Knut Buen – Sagafossen
Del resto anche l’Artico è terra di sciamani, che usano voci, tamburi e in generale la musica per esplorare le profondità dello spirito. Sono parecchie le leggende di violinisti del passato caduti in trance mentre suonavano. Probabilmente c’è qualcosa di vero in tutto ciò: l’hardangerfele ha un ponticello più basso, che permette all’esecutore di suonare con molta più facilità diverse corde contemporaneamente. Di qui il frequente stile “a bordone”, tipico anche delle interpretazioni di Knut Buen, per non contare la presenza di corde di risonanza che conferiscono a questo strumento una sua particolare aura armonica e ipnotica.
Sweinung Sundli ha vent’anni quando Knut riceve da Harald V l’investitura a cavaliere di S. Olav. Pur essendo nato e vissuto sempre nel Trøndelag, dove l’Hardangerfele, con la sua testa di leone, gli intarsi del cavigliere e le decorazioni a volte in madreperla della tastiera, non è molto diffuso, Sweinung se ne appassiona. Dalle sue parti invece il violino folk, quello che gli inglesi chiamano “fiddle”, è in tutto simile al violino classico, che Sweinung ha imparato a suonare ad Orkdal, dove viveva con la sorella ed il resto della famiglia prima di trasferirsi a Trondheim. Eppure, se ascoltate ad esempio l’assolo strumentale di “Bruremarsj frå Jämtland”, melodia composta appositamente da Buen per la band di Sweinung, non potrete non notare che è come se di violini ne stiano suonando due in una volta sola: ecco, quello è l’effetto tipico dell’hardangerfele.
Gåte - Bruremarsj frå Jämtland
Sempre a Trondheim, Sweinung Sundli ha completato la sua formazione musicale dedicandosi anche alle tastiere elettroniche e convertendosi al rock senza tuttavia perdere le suggestioni del folk che non lo ha mai abbandonato. Esempio di questo crocevia tra antico e moderno è il suo frequente ricorso, oltre che al violino acustico, anche a quello elettrico.
Così, a vent’anni, dopo esser riuscito a convincere la sorellina Gunnhild, ancora quattordicenne, ad esibirsi in pubblico, fonda assieme a lei una band originalissima e potentemente scandinava nelle sonorità, nei testi, nelle atmosfere e nelle radici, “Gåte”, che in norvegese significa “enigma”. Dicono che Sweinung arriverà addirittura a tatuarsi la “G” iniziale su un braccio.
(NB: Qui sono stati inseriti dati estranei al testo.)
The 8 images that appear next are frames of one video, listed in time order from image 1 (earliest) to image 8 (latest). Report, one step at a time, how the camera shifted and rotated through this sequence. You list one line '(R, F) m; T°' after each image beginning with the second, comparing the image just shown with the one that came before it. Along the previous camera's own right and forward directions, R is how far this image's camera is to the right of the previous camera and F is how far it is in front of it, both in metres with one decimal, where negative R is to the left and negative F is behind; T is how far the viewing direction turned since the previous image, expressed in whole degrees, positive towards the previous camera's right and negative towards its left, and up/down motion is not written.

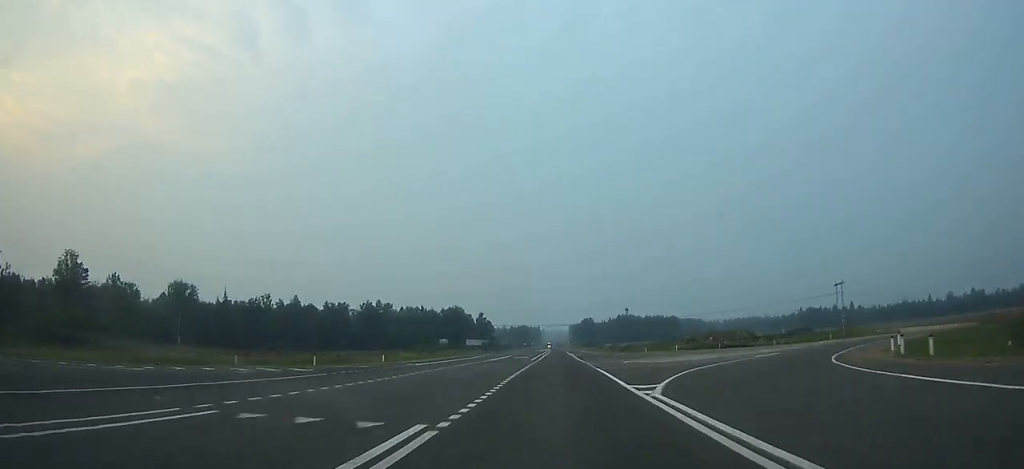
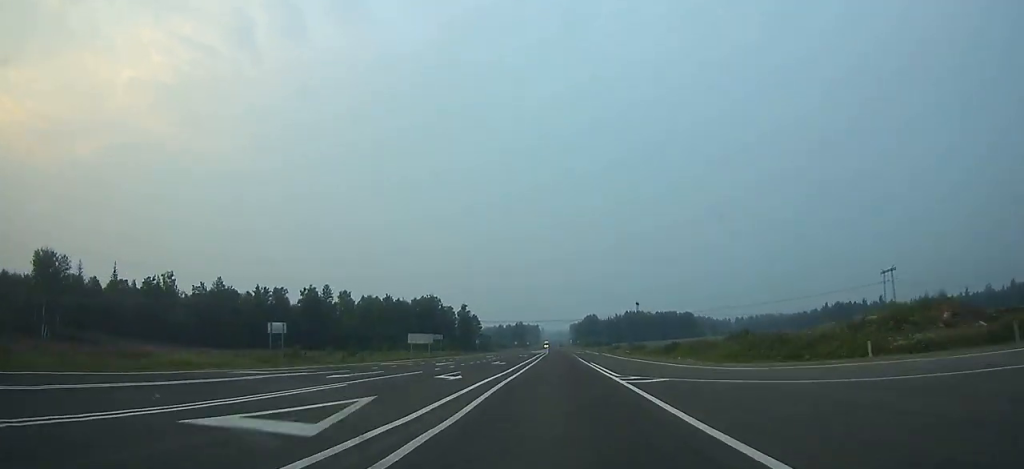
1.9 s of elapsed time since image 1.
(-0.1, +61.1) m; 0°
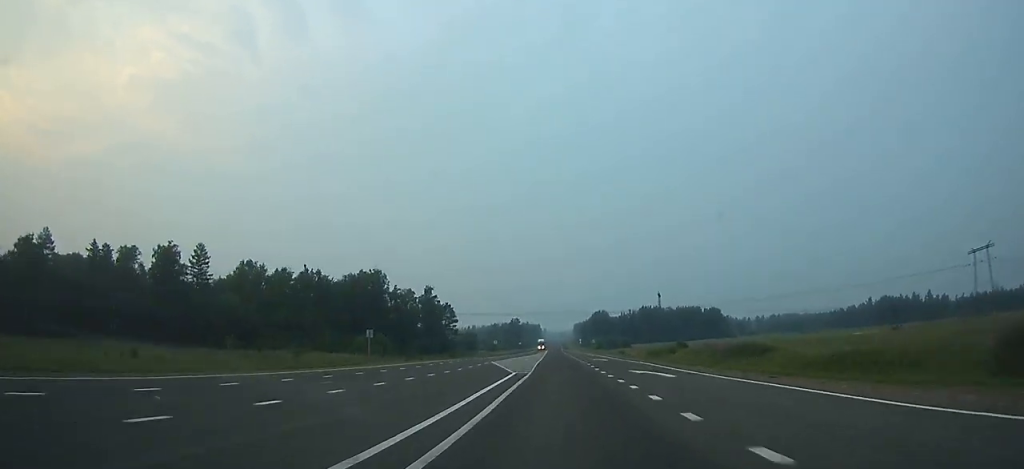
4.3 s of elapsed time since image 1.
(-0.1, +77.0) m; 0°
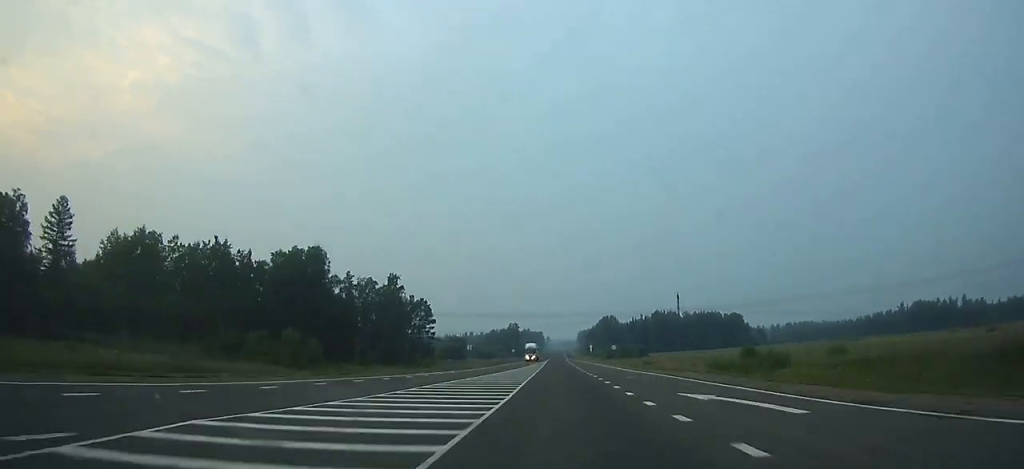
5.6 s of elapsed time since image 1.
(-0.2, +41.2) m; 0°
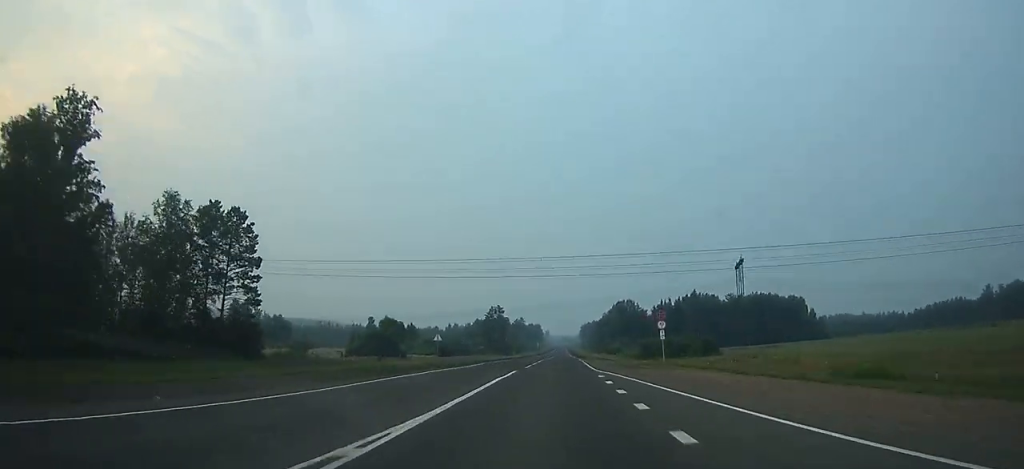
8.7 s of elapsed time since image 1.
(-0.1, +96.8) m; 0°
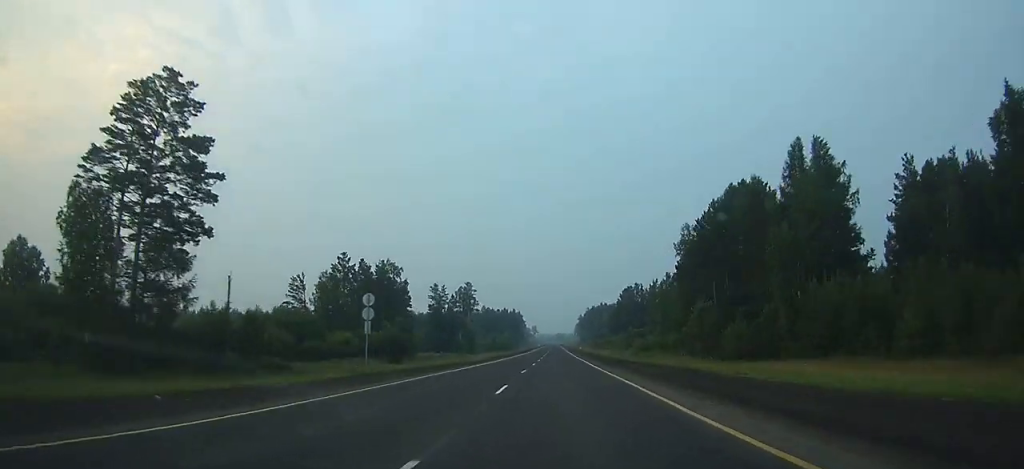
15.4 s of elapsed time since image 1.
(+1.6, +212.0) m; +1°
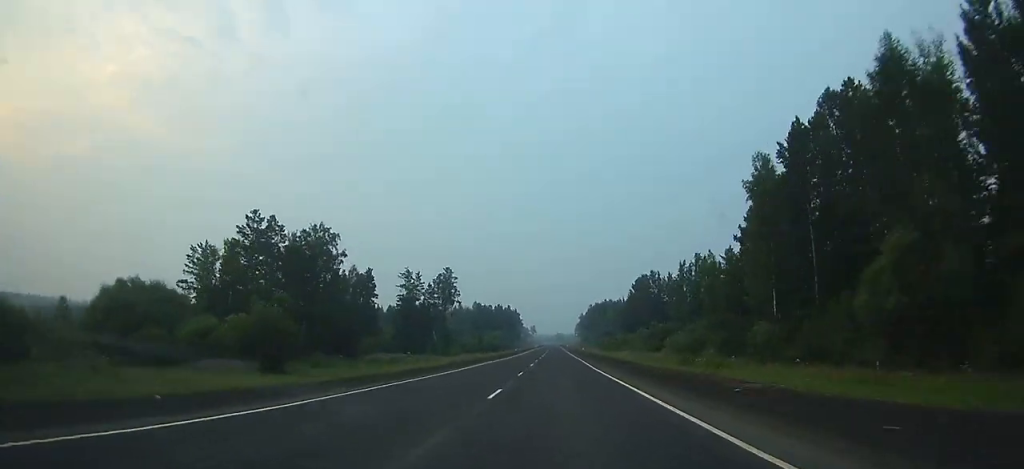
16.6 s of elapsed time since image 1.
(+0.1, +38.9) m; 0°
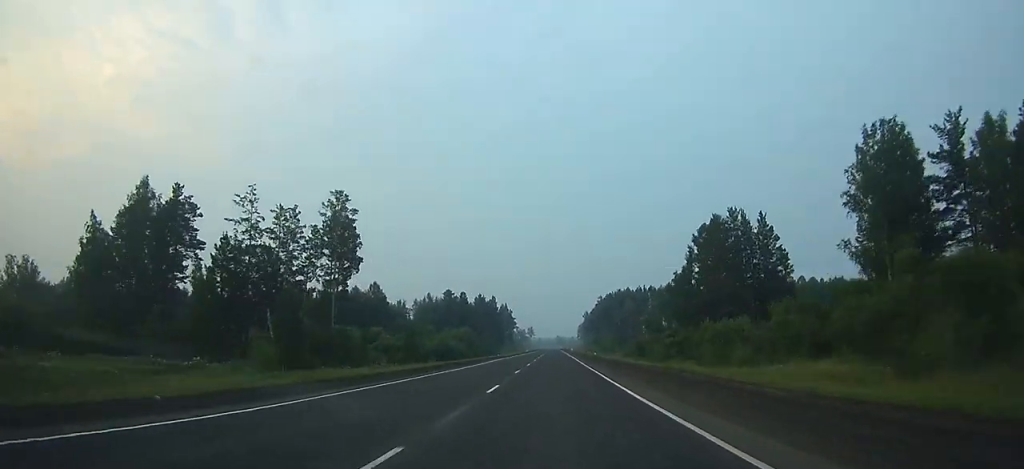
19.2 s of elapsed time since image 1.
(0.0, +83.5) m; 0°
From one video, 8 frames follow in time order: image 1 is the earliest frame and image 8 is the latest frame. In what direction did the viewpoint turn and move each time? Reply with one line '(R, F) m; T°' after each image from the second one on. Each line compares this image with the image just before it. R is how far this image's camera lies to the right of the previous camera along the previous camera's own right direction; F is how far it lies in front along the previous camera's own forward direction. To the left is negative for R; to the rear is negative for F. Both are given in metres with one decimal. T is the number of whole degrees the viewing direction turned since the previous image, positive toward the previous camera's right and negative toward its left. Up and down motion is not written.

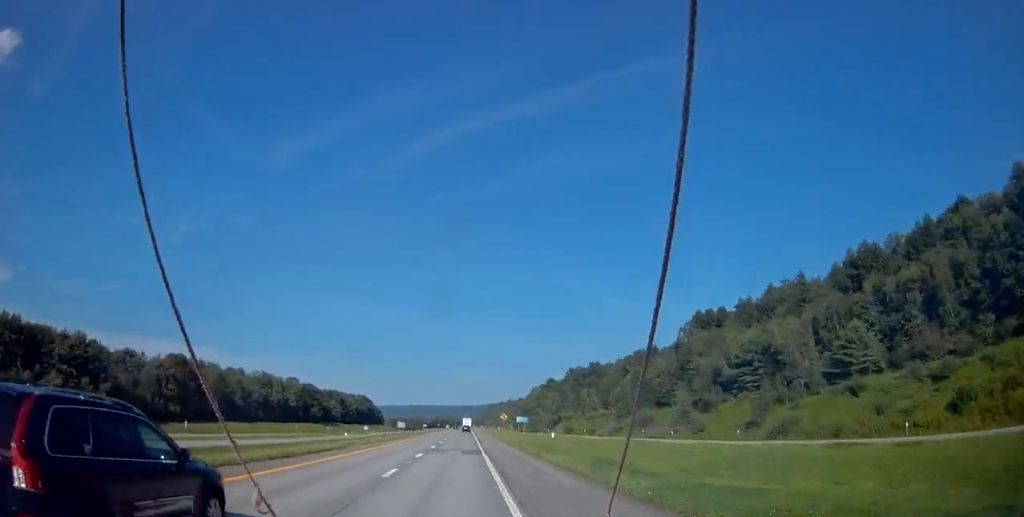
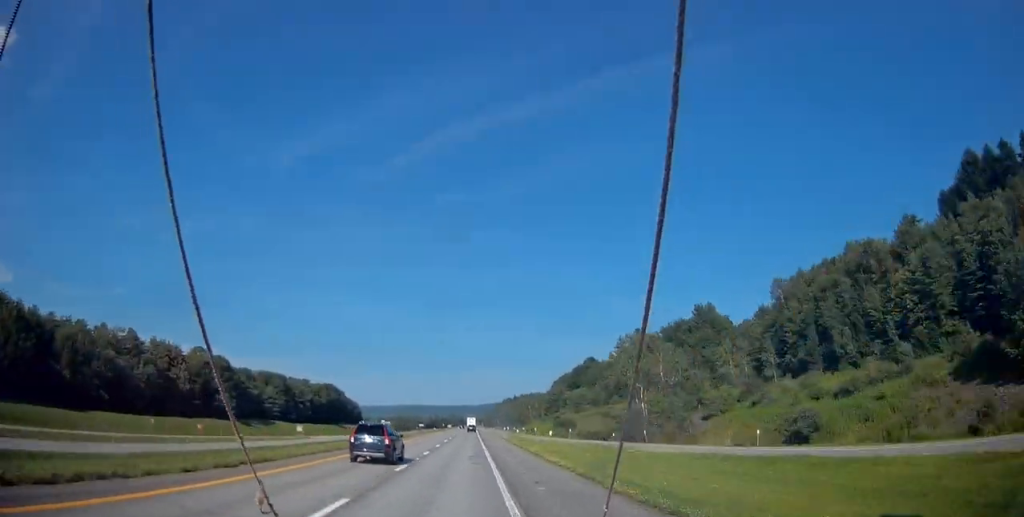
(-0.4, +114.8) m; 0°
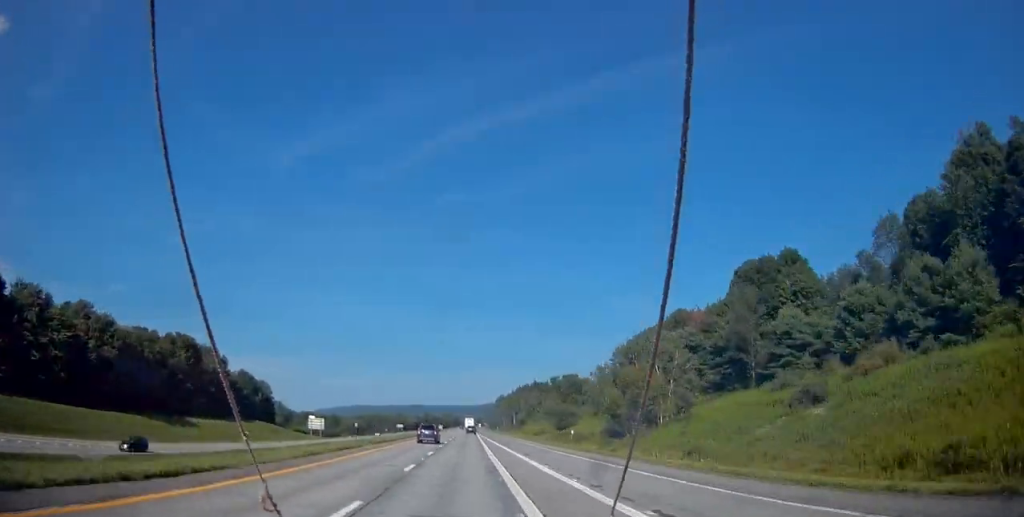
(+0.1, +162.1) m; 0°
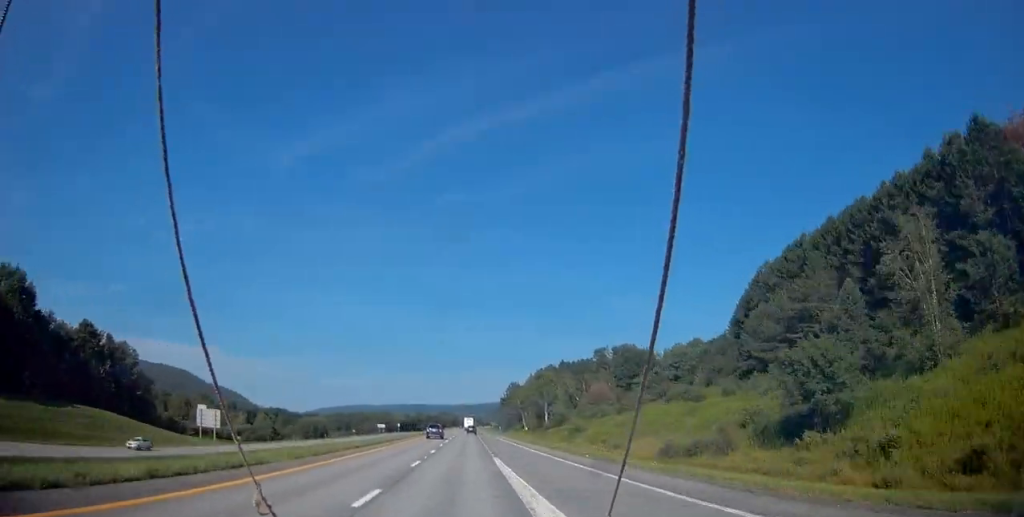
(+0.2, +88.4) m; 0°
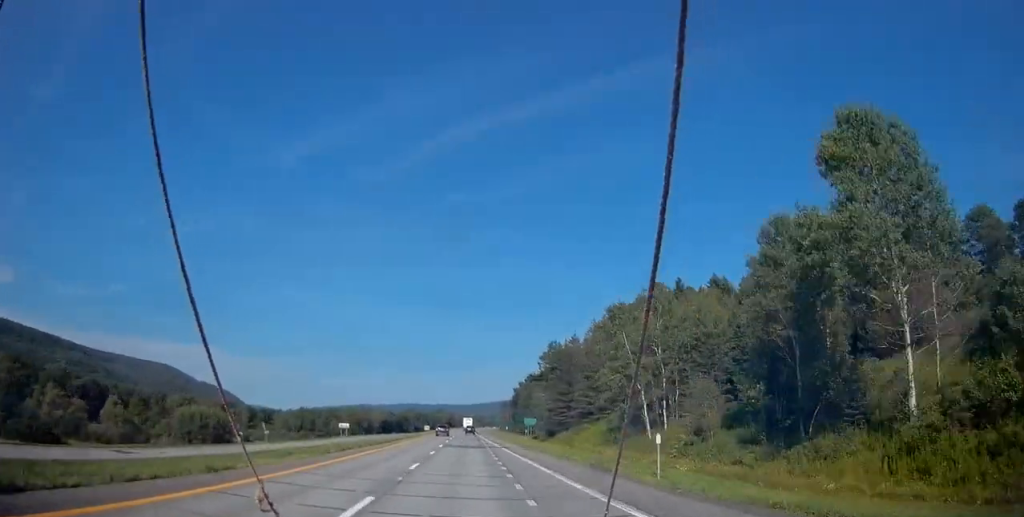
(-0.3, +117.8) m; 0°
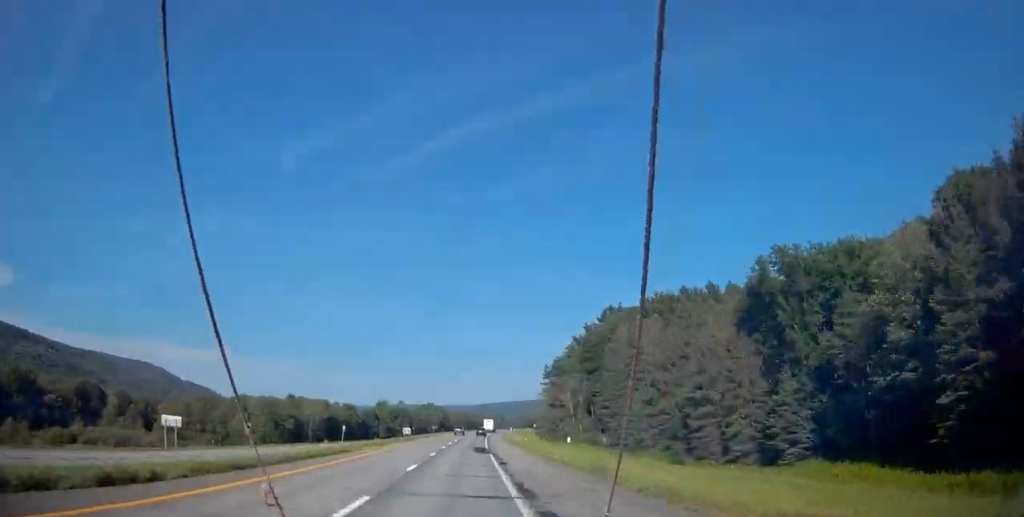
(+0.7, +162.2) m; +1°
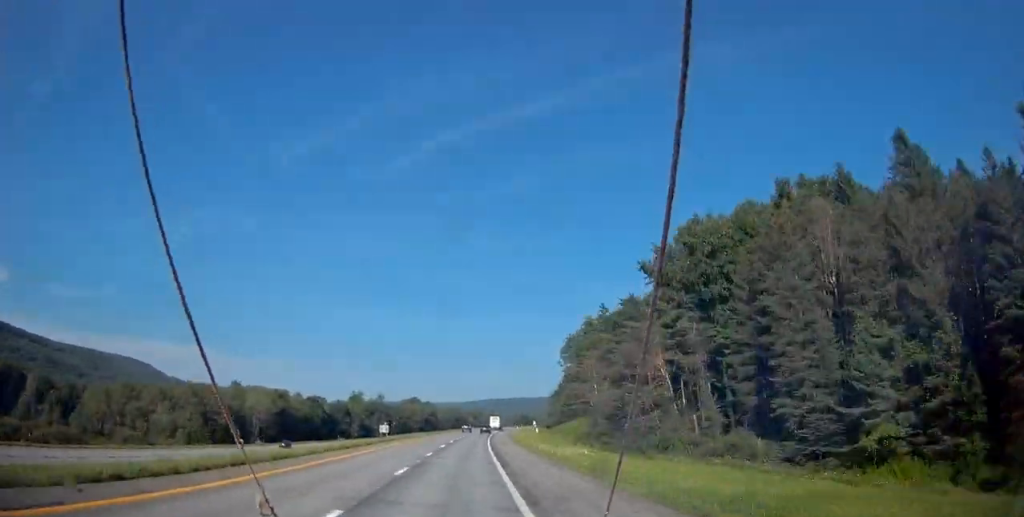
(-0.5, +49.2) m; +1°
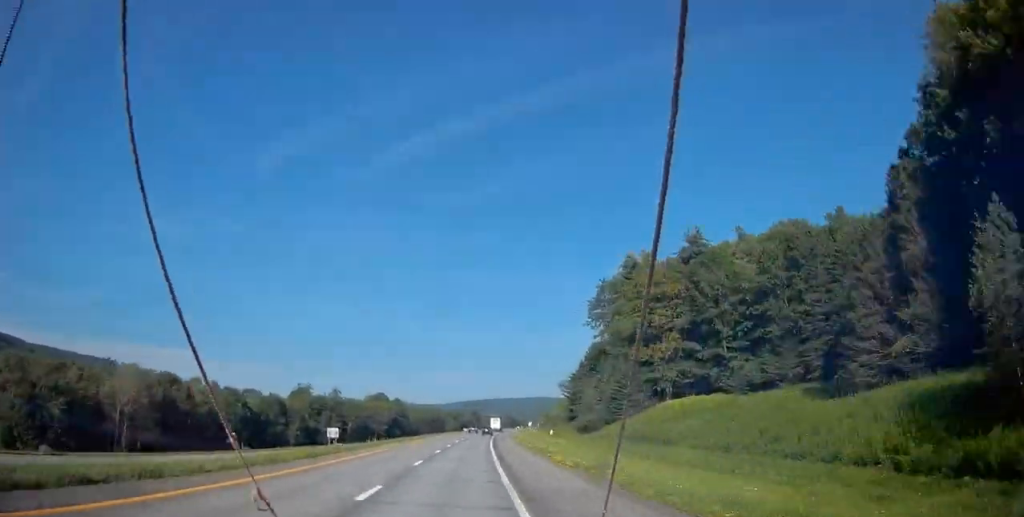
(+1.1, +66.0) m; +2°

La band nasce all’insegna del metal, ma Gunnhild, vocalist di prim’ordine, è cresciuta con una formazione musicale piuttosto eclettica, che spazia dalla classica al jazz, anche lei però fortemente radicata nella musica tradizionale norvegese, come dimostra con evidenza l’articolazione della sua vocalità. Si diploma in canto presso la “Heimdal videregående skole”. La sua voce è su un registro decisamente acuto, un soprano sottile e potente, versatile, capace di stupire con le grida disperate e graffianti che talvolta vibrano nell’impasto timbrico della sua band o con la dolcezza del suo disegno melodico.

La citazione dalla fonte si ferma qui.